[Task inputs — start]

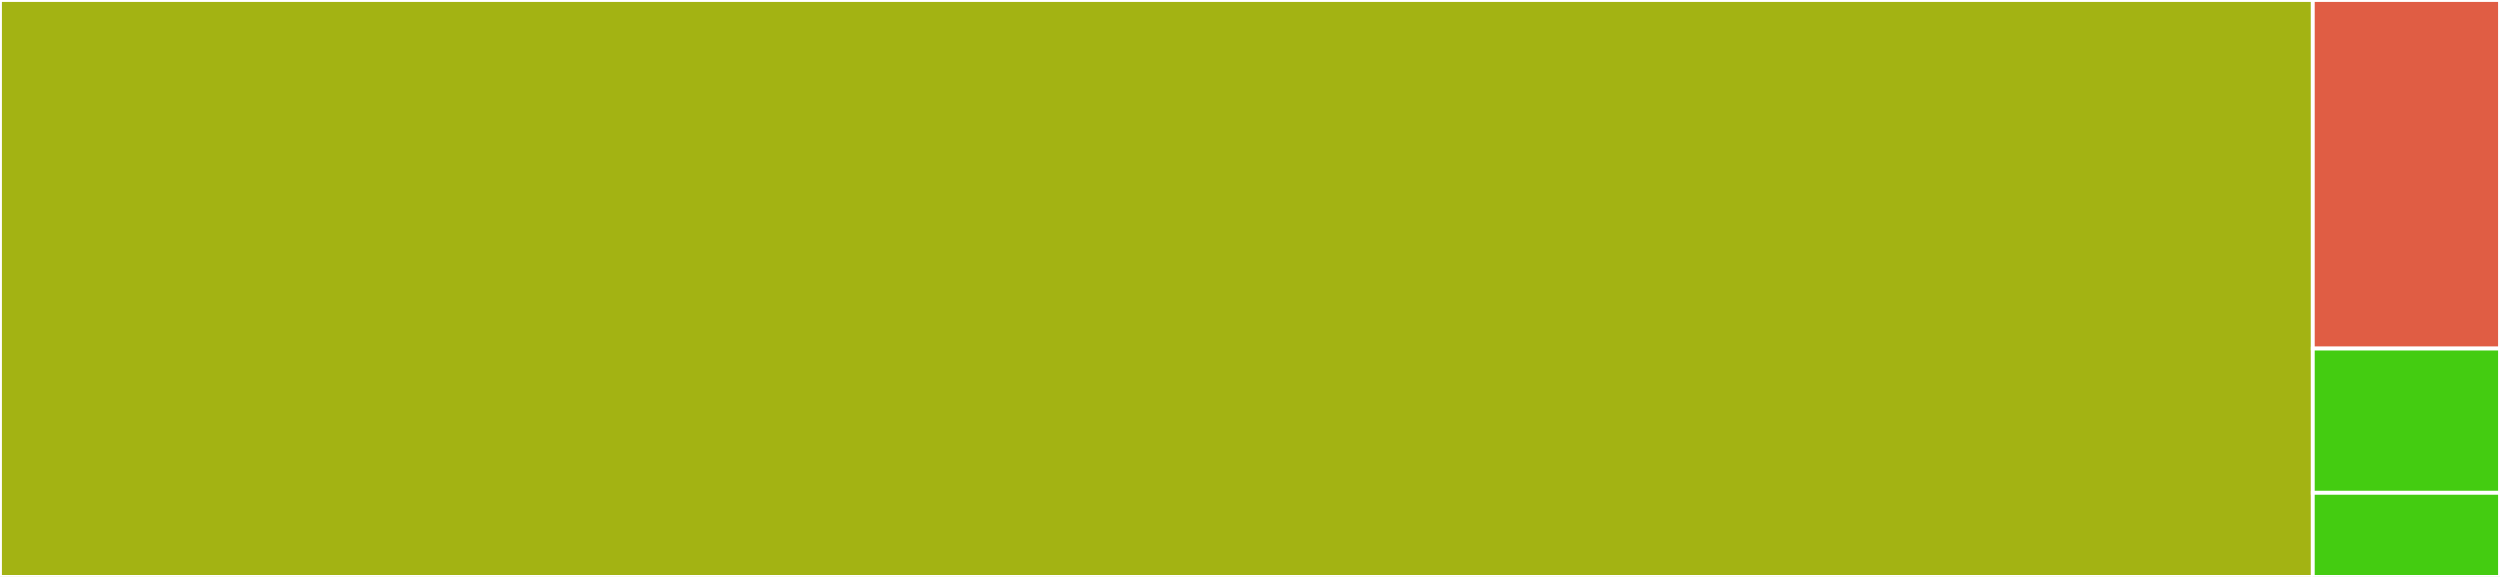 <svg baseProfile="full" width="650" height="150" viewBox="0 0 650 150" version="1.1"
xmlns="http://www.w3.org/2000/svg" xmlns:ev="http://www.w3.org/2001/xml-events"
xmlns:xlink="http://www.w3.org/1999/xlink">

<rect x="0" y="0" width="650" height="150" fill="#333333" stroke="none"/>

<style>rect.s{mask:url(#mask);}</style>
<defs>
  <pattern id="white" width="4" height="4" patternUnits="userSpaceOnUse" patternTransform="rotate(45)">
    <rect width="2" height="2" transform="translate(0,0)" fill="white"></rect>
  </pattern>
  <mask id="mask">
    <rect x="0" y="0" width="100%" height="100%" fill="url(#white)"></rect>
  </mask>
</defs>

<rect x="0" y="0" width="601.326" height="150.0" fill="#a3b313" stroke="white" stroke-width="1" class=" tooltipped" data-content="carbon.go"><title>carbon.go</title></rect>
<rect x="601.326" y="0" width="48.674" height="90.625" fill="#e05d44" stroke="white" stroke-width="1" class=" tooltipped" data-content="translator.go"><title>translator.go</title></rect>
<rect x="601.326" y="90.625" width="48.674" height="37.5" fill="#4c1" stroke="white" stroke-width="1" class=" tooltipped" data-content="carbonPeriod.go"><title>carbonPeriod.go</title></rect>
<rect x="601.326" y="128.125" width="48.674" height="21.875" fill="#4c1" stroke="white" stroke-width="1" class=" tooltipped" data-content="carboninterval.go"><title>carboninterval.go</title></rect>
</svg>

[Task inputs — finish]

— Work request —
With the data above as the source, tally the lines that include the string "xmlns", and give that figure alone.

— Response for this exercise —
2